(Record extracts)

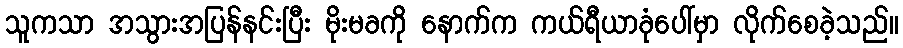
သူကသာ အသွားအပြန်နင်းပြီး မိုးမခကို နောက်က ကယ်ရီယာခုံပေါ်မှာ လိုက်စေခဲ့သည်။
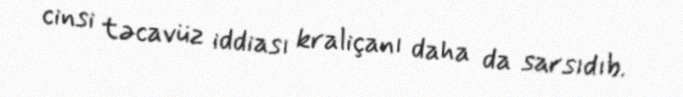
cinsi təcavüz iddiası kraliçanı daha da sarsıdıb.
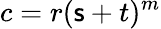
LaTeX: c=r(\mathsf{s}+t)^{m}
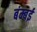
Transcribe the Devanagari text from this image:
बंम्बई
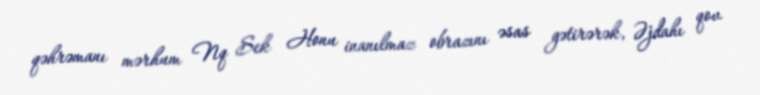
qəhrəmanı mərhum Nq Sek Honu inanılmaz obrazını əsas gətirərək, Əjdahı qov
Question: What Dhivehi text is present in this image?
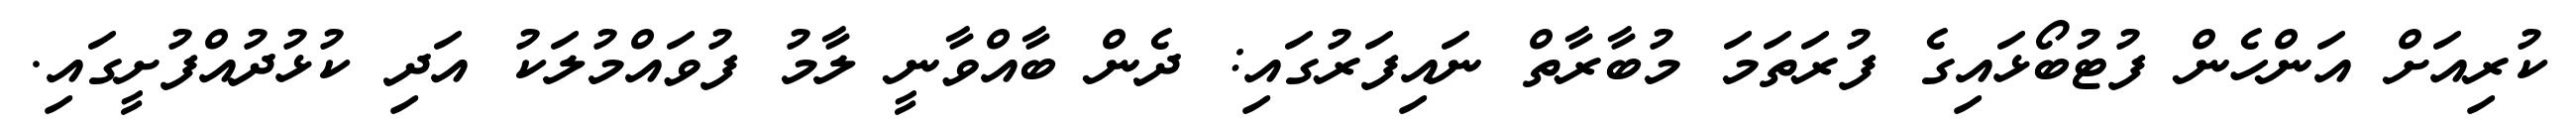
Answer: ކުރިއަށް އަންހެން ފުޓުބޯޅައިގެ ފުރަތަމަ މުބާރާތް ނައިފަރުގައި: ދެން ބާއްވާނީ ލާމު ފުވައްމުލަކު އަދި ކުޅުދުއްފުށީގައި.
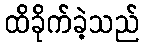
ထိခိုက်ခဲ့သည်
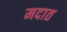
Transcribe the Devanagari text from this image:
मदात
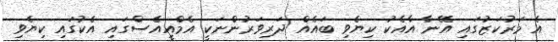
އެ މަރުކަޒުގައި އޭނާ އާއެކު ކިޔެވި ބައެއް ދަރިވަރުންނަކީ އެމްއީއެސްގައި އެކުގައި ކިޔެވި
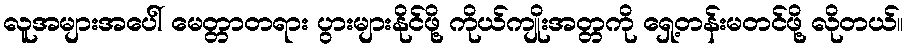
လူအများအပေါ် မေတ္တာတရား ပွားများနိုင်ဖို့ ကိုယ်ကျိုးအတ္တကို ရှေ့တန်းမတင်ဖို့ လိုတယ်။
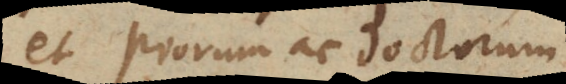
et piorum ac doctorum
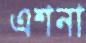
এশনা
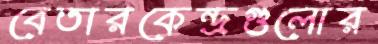
বেতারকেন্দ্রগুলোর
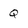
Character: Q
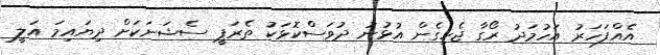
އެއްފަހަރު އަހުމަދު ރޯގާ ޖެހިގެން އުޅުނު ދުވަސްކޮޅަކު ތެރަޕީ ސެޝަނަކަށް ދިޔައިމަ އަލީ
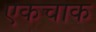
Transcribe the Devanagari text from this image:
एकचाक
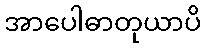
အာပေါဓာတုယာပိ
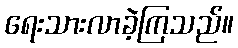
ရေးသားလာခဲ့ကြသည်။
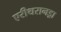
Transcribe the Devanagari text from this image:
एरीथरानड्रा
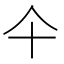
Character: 仐
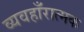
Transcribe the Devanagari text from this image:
व्यवहाँरात्मक
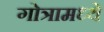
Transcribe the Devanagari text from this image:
गोत्रामध्ये
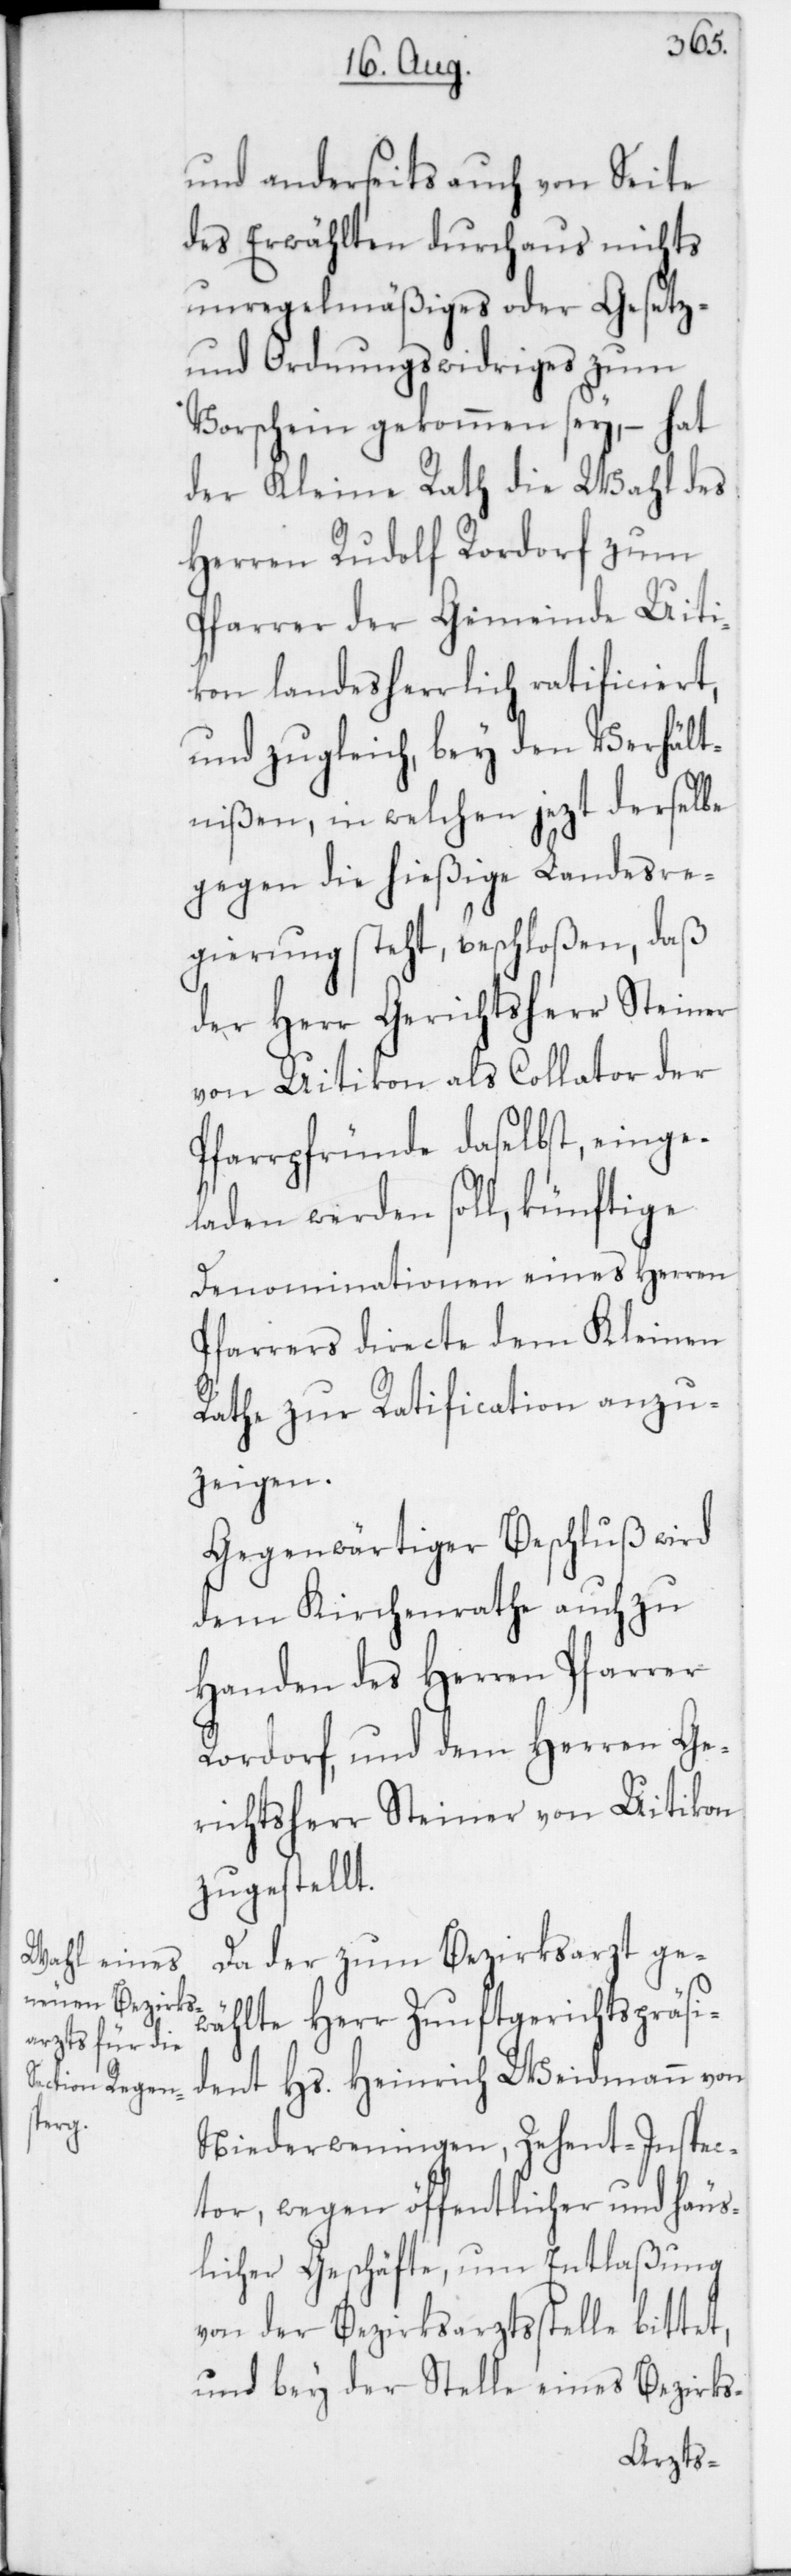
und anderseits auch von Seite
des Erwählten durchaus nichts
unregelmäßiges oder Gesetz-
und Ordnungswidriges zum
Vorschein gekommen sey, hat
der Kleine Rath die Wahl des
Herren Rudolf Rordorf zum
Pfarrer der Gemeinde Uiti¬
kon landesherrlich ratificiert,
und zugleich bey den Verhält¬
nißen, in welchen jezt derselbe
gegen die hießige Landesre¬
gierung steht, beschloßen, daß
der Herr Gerichtsherr Steiner
von Uitikon als Collator der
Pfarrpfründe daselbst, einge¬
laden werden soll, künftige
Denominationen eines Herren
Pfarrers directe dem Kleinen
Rathe zur Ratification anzu¬
zeigen.
Gegenwärtiger Beschluß wird
dem Kirchenrathe auch zu
Handen des Herren Pfarrer
Rordorf und dem Herren Ge¬
richtsherr Steiner von Uitikon
zugestellt.
Da der zum Bezirksarzt ge¬
wählte Herr Zunftgerichtspräsi¬
dent Hs. Heinrich Weidmann von
Niederweningen, Zehent-Inspec¬
tor, wegen öffentlicher und häus¬
licher Geschäfte, um Entlaßung
von der Bezirksarztsstelle bittet,
und bey der Stelle eines Bezirks-
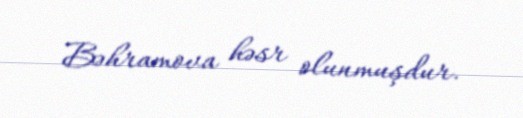
Bəhramova həsr olunmuşdur.
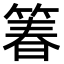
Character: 箺
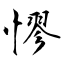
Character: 憀
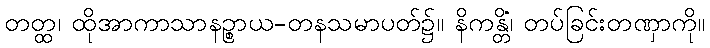
တတ္ထ၊ ထိုအာကာသာနဉ္စာယ-တနသမာပတ်၌။ နိကန္တိံ၊ တပ်ခြင်းတဏှာကို။
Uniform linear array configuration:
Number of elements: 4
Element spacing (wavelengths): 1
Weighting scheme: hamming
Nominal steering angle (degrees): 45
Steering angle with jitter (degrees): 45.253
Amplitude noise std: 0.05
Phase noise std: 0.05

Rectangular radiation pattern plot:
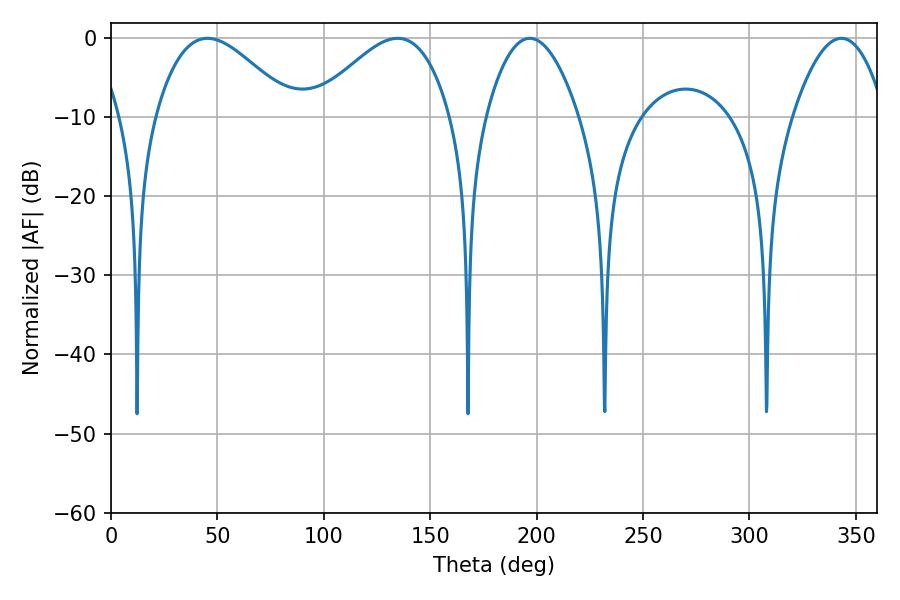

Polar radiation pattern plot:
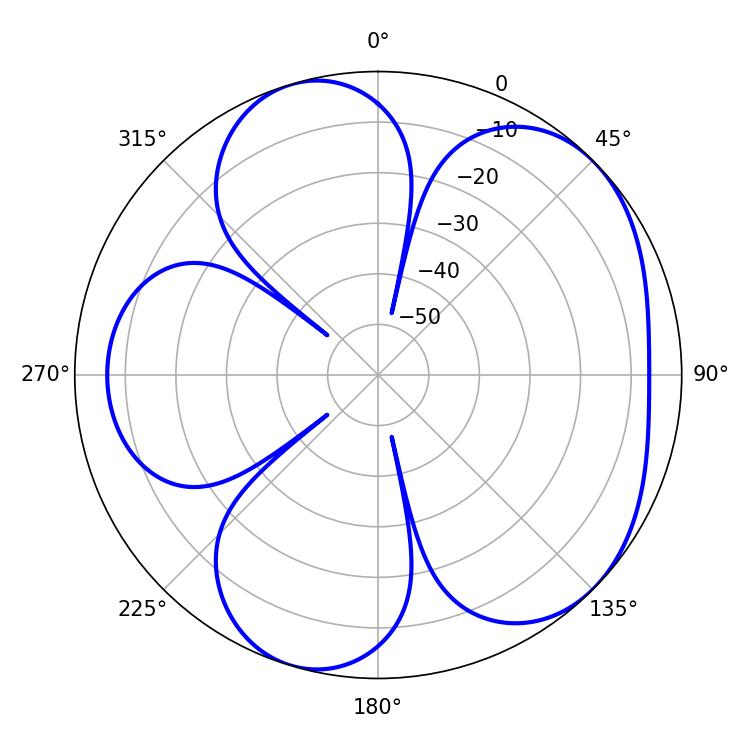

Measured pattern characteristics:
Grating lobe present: TRUE
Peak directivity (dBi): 5.218
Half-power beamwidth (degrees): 34.74
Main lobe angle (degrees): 45.36
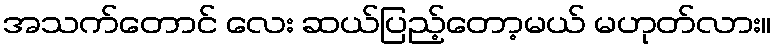
အသက်တောင် လေး ဆယ်ပြည့်တော့မယ် မဟုတ်လား။
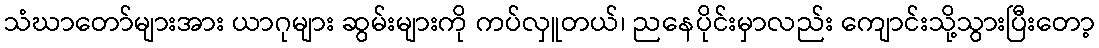
သံဃာတော်များအား ယာဂုများ ဆွမ်းများကို ကပ်လှူတယ်၊ ညနေပိုင်းမှာလည်း ကျောင်းသို့သွားပြီးတော့
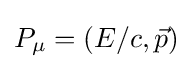
P_{\mu }=\left(E/c,{\vec {p}}\right)
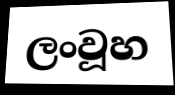
ලංවූහ
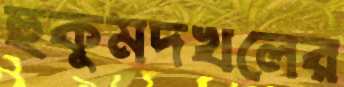
হুকুমদখলের

(End Record extracts)

## What to work on
Show every line from the entries that includes the word "plot".

## Result of this exercise
Rectangular radiation pattern plot:
Polar radiation pattern plot:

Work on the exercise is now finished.